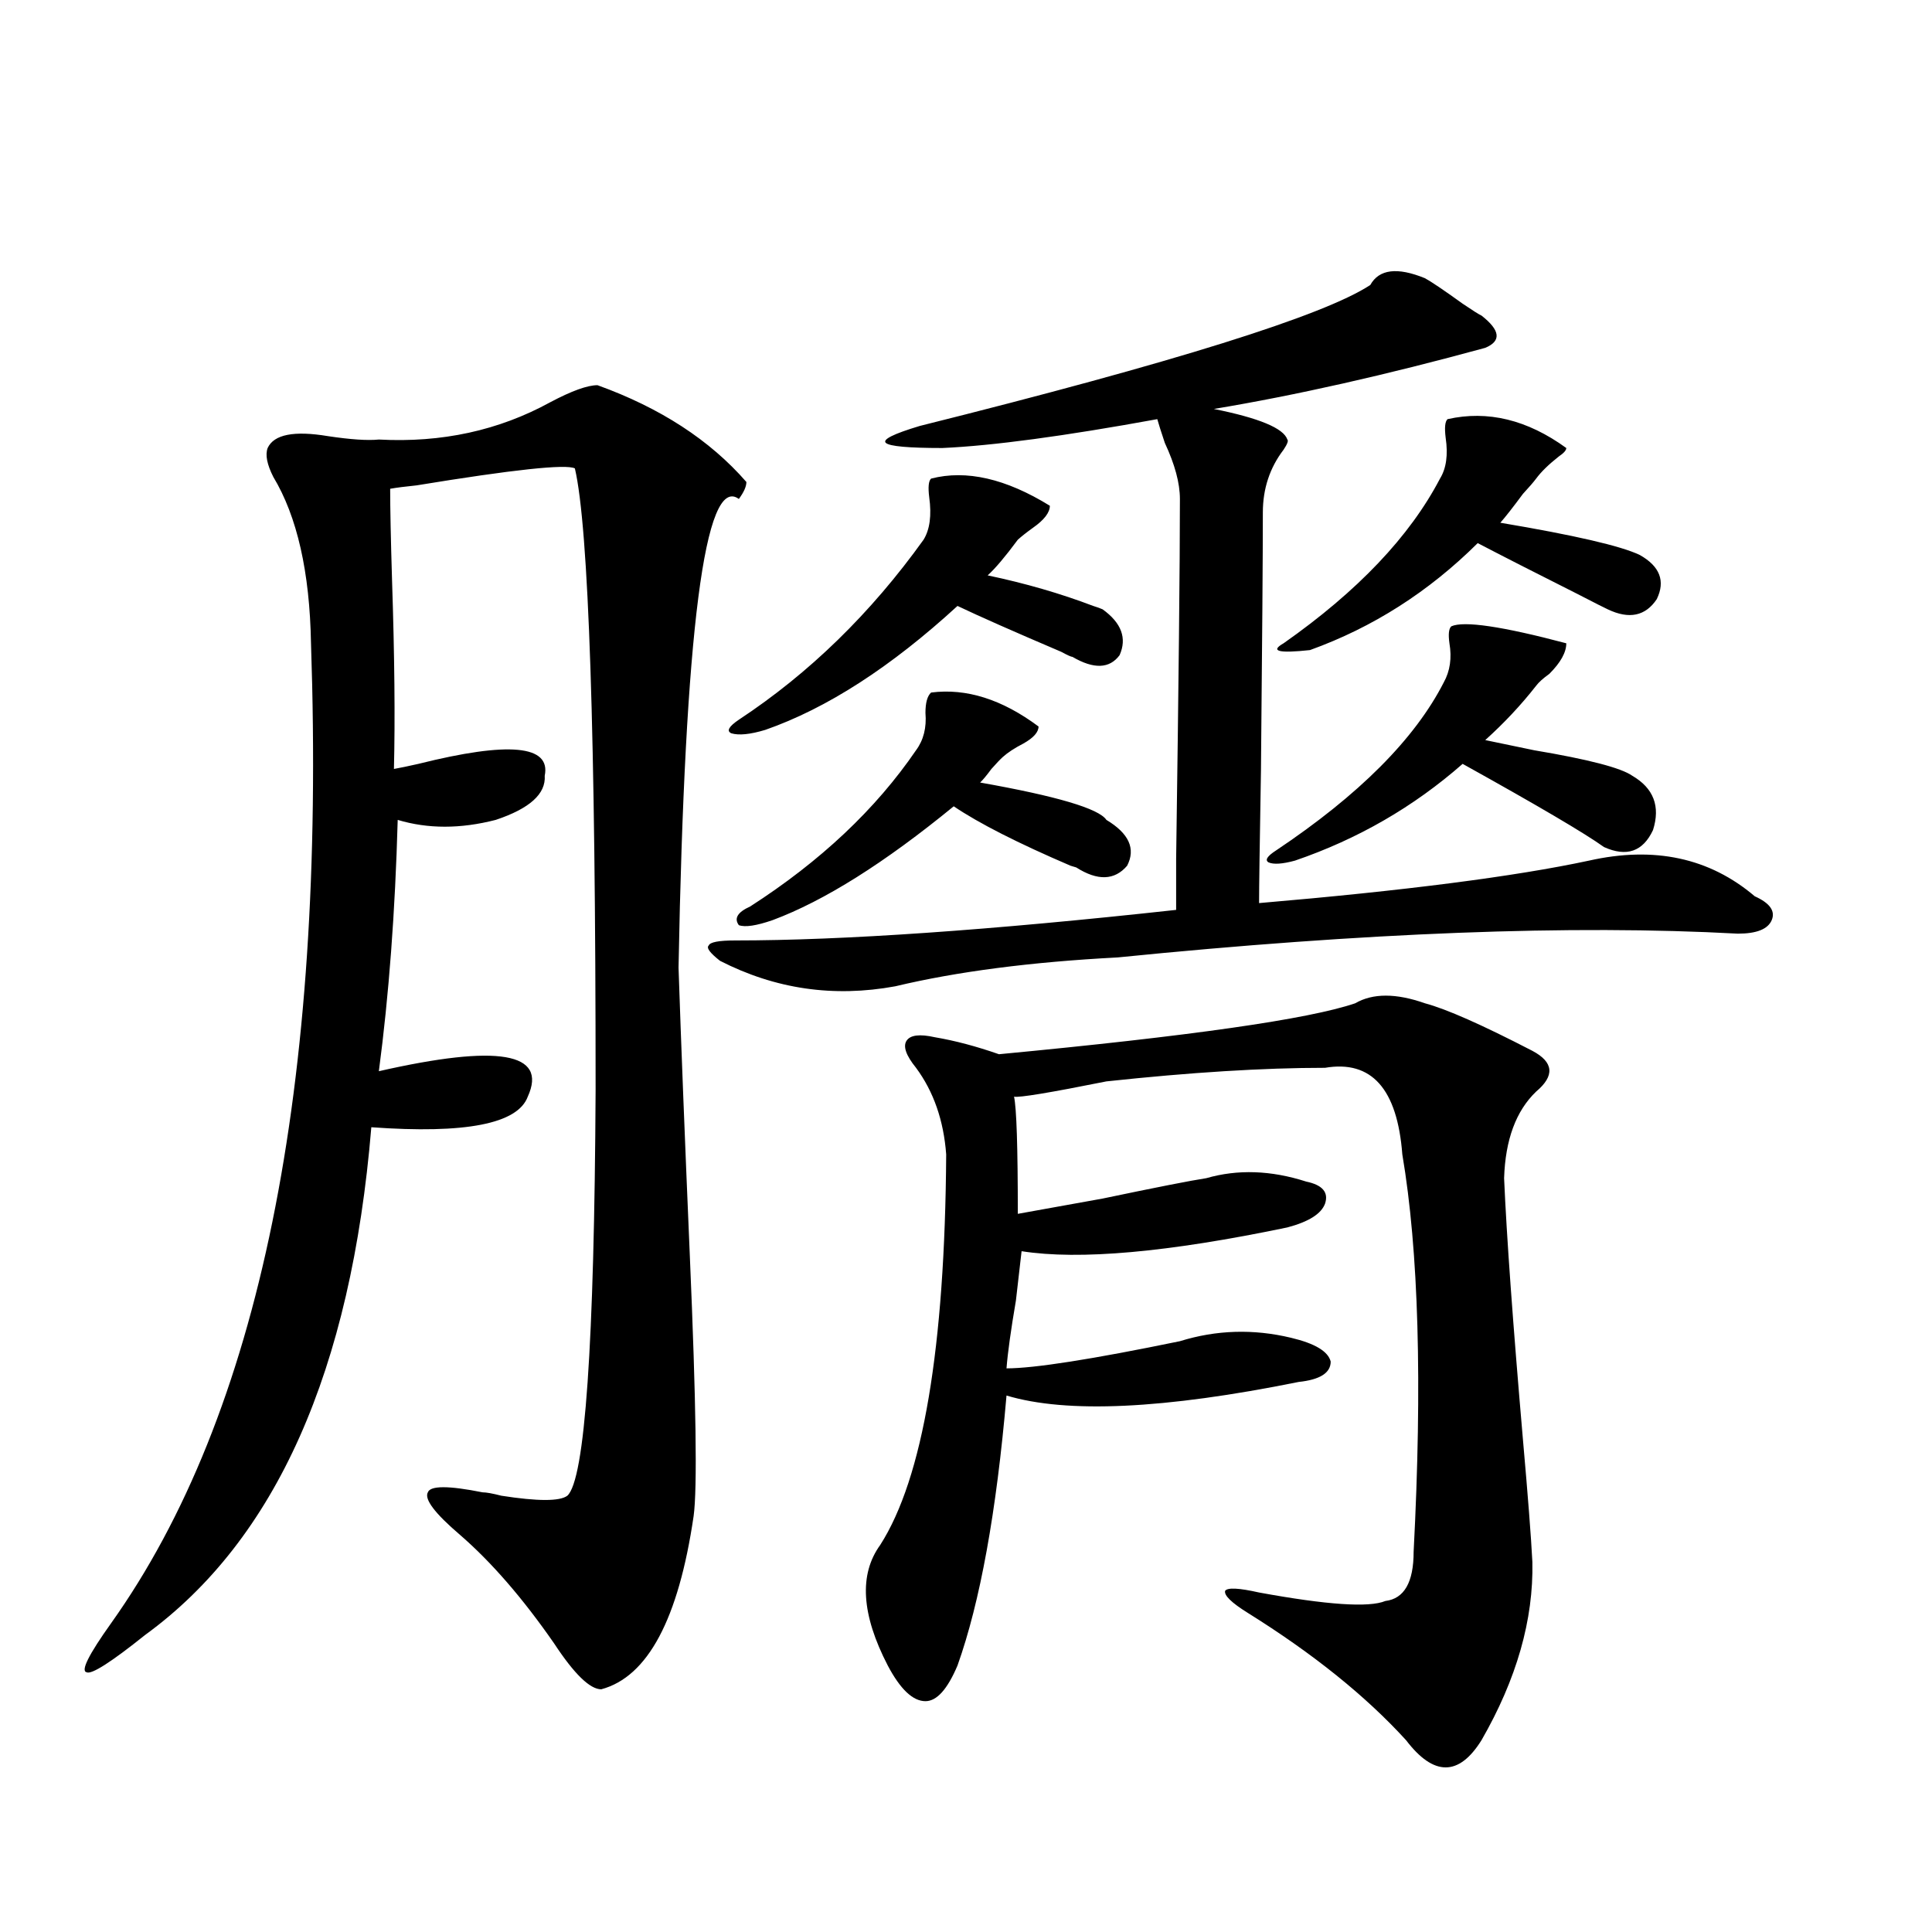 <?xml version="1.0" encoding="utf-8"?>
<!-- Generator: Adobe Illustrator 16.0.0, SVG Export Plug-In . SVG Version: 6.00 Build 0)  -->
<!DOCTYPE svg PUBLIC "-//W3C//DTD SVG 1.1//EN" "http://www.w3.org/Graphics/SVG/1.1/DTD/svg11.dtd">
<svg version="1.1" id="图层_1" xmlns="http://www.w3.org/2000/svg" xmlns:xlink="http://www.w3.org/1999/xlink" x="0px" y="0px"
	 width="1000px" height="1000px" viewBox="0 0 1000 1000" enable-background="new 0 0 1000 1000" xml:space="preserve">
<path d="M309.261,199.375c32.514,11.728,58.2,28.427,77.071,50.098c0,2.349-1.311,5.273-3.902,8.789
	c-17.561-12.882-27.972,67.978-31.219,242.578c1.296,38.672,3.247,88.481,5.854,149.414c3.247,75.586,3.902,120.41,1.951,134.473
	c-7.805,53.312-23.75,83.194-47.804,89.648c-5.854,0-13.994-7.91-24.39-23.73c-16.265-23.442-32.53-42.188-48.779-56.25
	c-13.018-11.124-18.536-18.457-16.585-21.973c1.296-3.516,10.731-3.516,28.292,0c1.951,0,5.198,0.591,9.756,1.758
	c18.856,2.938,30.243,2.938,34.146,0c9.1-8.198,13.978-78.223,14.634-210.059c0-183.979-3.582-291.206-10.731-321.68
	c-4.558-2.335-31.874,0.591-81.949,8.789c-5.854,0.591-10.411,1.181-13.658,1.758c0,9.97,0.32,25.79,0.976,47.461
	c1.296,39.263,1.616,71.782,0.976,97.559c3.247-0.577,7.469-1.456,12.683-2.637c46.828-11.714,68.611-9.668,65.364,6.152
	c0.64,9.38-7.805,17.001-25.365,22.852c-18.216,4.696-35.121,4.696-50.73,0c-1.311,47.461-4.558,90.829-9.756,130.078
	c61.782-14.063,87.467-9.668,77.071,13.184c-5.213,14.063-32.194,19.336-80.974,15.82C181.78,709.442,142.756,797.031,75.121,846.25
	c-17.561,14.063-27.652,20.503-30.243,19.336c-3.262-0.591,0.976-9.091,12.683-25.488
	c76.736-107.804,111.217-276.855,103.412-507.129c-0.656-36.914-7.165-65.616-19.512-86.133c-3.262-6.44-4.238-11.426-2.927-14.941
	c3.247-7.031,13.658-9.077,31.219-6.152c11.707,1.758,20.487,2.349,26.341,1.758c32.514,1.758,62.102-4.683,88.778-19.336
	C295.923,202.313,304.048,199.375,309.261,199.375z M380.479,486.777c55.928,0,132.024-5.273,228.287-15.82
	c0-1.167,0-9.956,0-26.367c1.296-90.815,1.951-152.93,1.951-186.328c0-8.198-2.607-17.866-7.805-29.004
	c-1.951-5.851-3.262-9.956-3.902-12.305c-48.139,8.789-85.211,13.774-111.217,14.941c-17.561,0-27.316-0.879-29.268-2.637
	s3.902-4.683,17.561-8.789c131.369-32.808,209.095-57.129,233.165-72.949c4.543-8.198,13.978-9.366,28.292-3.516
	c3.247,1.758,9.756,6.152,19.512,13.184c5.198,3.516,8.445,5.575,9.756,6.152c9.756,7.622,10.396,13.184,1.951,16.699
	c-51.386,14.063-98.214,24.609-140.484,31.641c23.414,4.696,36.097,9.97,38.048,15.82c0.64,0.591,0,2.349-1.951,5.273
	c-7.164,9.38-10.731,20.215-10.731,32.52c0,22.274-0.335,66.797-0.976,133.594c-0.656,38.095-0.976,60.946-0.976,68.555
	c75.44-6.44,132.344-13.761,170.728-21.973c33.81-7.608,62.438-1.456,85.852,18.457c7.805,3.516,10.731,7.622,8.78,12.305
	c-1.951,4.696-7.805,7.031-17.561,7.031c-85.852-4.683-192.846-0.577-320.968,12.305c-44.877,2.349-83.26,7.333-115.119,14.941
	c-31.874,5.864-62.117,1.47-90.729-13.184c-5.213-4.093-7.165-6.729-5.854-7.91C367.461,487.656,372.019,486.777,380.479,486.777z
	 M481.94,247.715c18.201-4.683,38.688,0,61.462,14.063c0,3.516-2.927,7.333-8.78,11.426c-3.262,2.349-5.854,4.395-7.805,6.152
	c-6.509,8.789-11.707,14.941-15.609,18.457c19.512,4.106,37.713,9.38,54.633,15.82c1.951,0.591,3.567,1.181,4.878,1.758
	c9.756,7.031,12.683,14.941,8.78,23.73c-5.213,7.031-13.338,7.333-24.39,0.879c-0.656,0-2.607-0.879-5.854-2.637
	c-24.725-10.547-42.606-18.457-53.657-23.73c-34.481,31.641-67.651,53.036-99.51,64.16c-7.805,2.349-13.658,2.938-17.561,1.758
	c-2.607-1.167-1.311-3.516,3.902-7.031c36.417-24.019,68.291-55.069,95.607-93.164c3.247-5.273,4.222-12.593,2.927-21.973
	C480.309,252.109,480.629,248.896,481.94,247.715z M481.94,358.457c18.201-2.335,36.737,3.516,55.608,17.578
	c0,2.938-2.607,5.864-7.805,8.789c-4.558,2.349-8.14,4.696-10.731,7.031c-1.311,1.181-3.262,3.228-5.854,6.152
	c-2.607,3.516-4.558,5.864-5.854,7.031c39.664,7.031,61.462,13.485,65.364,19.336c11.707,7.031,15.274,14.941,10.731,23.73
	c-6.509,7.622-15.289,7.91-26.341,0.879l-2.927-0.879c-27.316-11.714-47.484-21.973-60.486-30.762
	c-35.777,29.306-66.995,48.931-93.656,58.887c-8.46,2.938-14.314,3.817-17.561,2.637c-2.607-3.516-0.656-6.729,5.854-9.668
	c36.417-23.429,65.029-50.386,85.852-80.859c3.902-5.273,5.518-11.714,4.878-19.336C479.013,363.73,479.989,360.215,481.94,358.457z
	 M737.543,519.297c11.052,2.938,29.588,11.138,55.608,24.609c11.052,5.864,11.707,12.896,1.951,21.094
	c-10.411,9.97-15.945,24.911-16.585,44.824c1.296,29.883,4.543,75.009,9.756,135.352c2.592,29.306,4.222,50.399,4.878,63.281
	c0.64,29.883-8.14,60.645-26.341,92.285c-11.707,18.745-24.725,18.745-39.023,0c-20.823-22.852-48.139-44.824-81.949-65.918
	c-8.46-5.273-12.363-9.091-11.707-11.426c1.296-1.758,7.149-1.47,17.561,0.879c35.121,6.44,56.904,7.91,65.364,4.395
	c9.756-1.181,14.634-9.668,14.634-25.488c4.543-87.3,2.592-155.854-5.854-205.664c-2.607-33.976-15.945-48.917-39.999-44.824
	c-31.874,0-69.602,2.349-113.168,7.031c-29.268,5.864-45.212,8.501-47.804,7.91c1.296,5.864,1.951,26.079,1.951,60.645
	c6.494-1.167,21.128-3.804,43.901-7.91c27.957-5.851,45.853-9.366,53.657-10.547c16.25-4.683,33.49-4.093,51.706,1.758
	c8.445,1.758,11.707,5.575,9.756,11.426c-1.951,5.273-8.46,9.38-19.512,12.305c-61.797,12.896-107.65,17.001-137.558,12.305
	c-0.656,5.864-1.631,14.364-2.927,25.488c-2.607,15.243-4.238,26.958-4.878,35.156c14.299,0,44.221-4.683,89.754-14.063
	c18.856-5.851,38.048-6.44,57.56-1.758c12.347,2.938,19.177,7.031,20.487,12.305c0,5.864-5.533,9.38-16.585,10.547
	c-69.602,14.063-119.997,16.411-151.216,7.031c-5.213,60.356-13.658,106.925-25.365,139.746
	c-5.213,12.305-10.731,18.457-16.585,18.457c-6.509,0-13.018-6.152-19.512-18.457c-13.658-26.367-14.969-47.159-3.902-62.402
	c22.103-34.565,33.49-101.953,34.146-202.148c-1.311-17.578-6.509-32.52-15.609-44.824c-5.213-6.44-6.829-11.124-4.878-14.063
	c1.951-2.925,6.829-3.516,14.634-1.758c10.396,1.758,21.463,4.696,33.17,8.789c98.854-9.366,160.316-18.155,184.386-26.367
	C710.547,514.023,722.574,514.023,737.543,519.297z M751.202,324.18c6.494-2.925,26.341,0,59.511,8.789
	c0,4.696-2.927,9.97-8.78,15.82c-3.262,2.349-5.533,4.395-6.829,6.152c-7.805,9.97-16.585,19.336-26.341,28.125
	c5.854,1.181,14.299,2.938,25.365,5.273c27.957,4.696,44.877,9.091,50.73,13.184c11.052,6.454,14.634,15.82,10.731,28.125
	c-5.213,11.138-13.658,14.063-25.365,8.789c-9.756-7.031-34.146-21.382-73.169-43.066c-25.365,22.274-54.313,38.974-86.827,50.098
	c-6.509,1.758-11.067,2.06-13.658,0.879c-1.951-1.167-0.656-3.214,3.902-6.152c42.926-28.702,71.858-57.706,86.827-87.012
	c3.247-5.851,4.222-12.593,2.927-20.215C749.571,328.286,749.891,325.36,751.202,324.18z M749.25,216.953
	c20.807-4.683,41.295,0.302,61.462,14.941c0,1.181-1.311,2.637-3.902,4.395c-5.213,4.106-9.115,7.91-11.707,11.426
	c-1.311,1.758-3.582,4.395-6.829,7.91c-5.213,7.031-9.115,12.017-11.707,14.941c38.368,6.454,62.438,12.017,72.193,16.699
	c10.396,5.864,13.323,13.485,8.78,22.852c-5.854,8.789-14.314,10.547-25.365,5.273c-1.311-0.577-6.509-3.214-15.609-7.91
	c-22.118-11.124-39.359-19.913-51.706-26.367c-25.365,25.2-54.313,43.657-86.827,55.371c-16.265,1.758-20.823,0.591-13.658-3.516
	c38.368-26.944,65.364-55.371,80.974-85.254c3.247-5.273,4.222-12.305,2.927-21.094C747.619,221.348,747.94,218.134,749.25,216.953z
	"/>
</svg>

» EXERCISE DETAILS
From the listing above, copy all lines holding the word "http".

» SOLVED PROBLEM
<!DOCTYPE svg PUBLIC "-//W3C//DTD SVG 1.1//EN" "http://www.w3.org/Graphics/SVG/1.1/DTD/svg11.dtd">
<svg version="1.1" id="图层_1" xmlns="http://www.w3.org/2000/svg" xmlns:xlink="http://www.w3.org/1999/xlink" x="0px" y="0px"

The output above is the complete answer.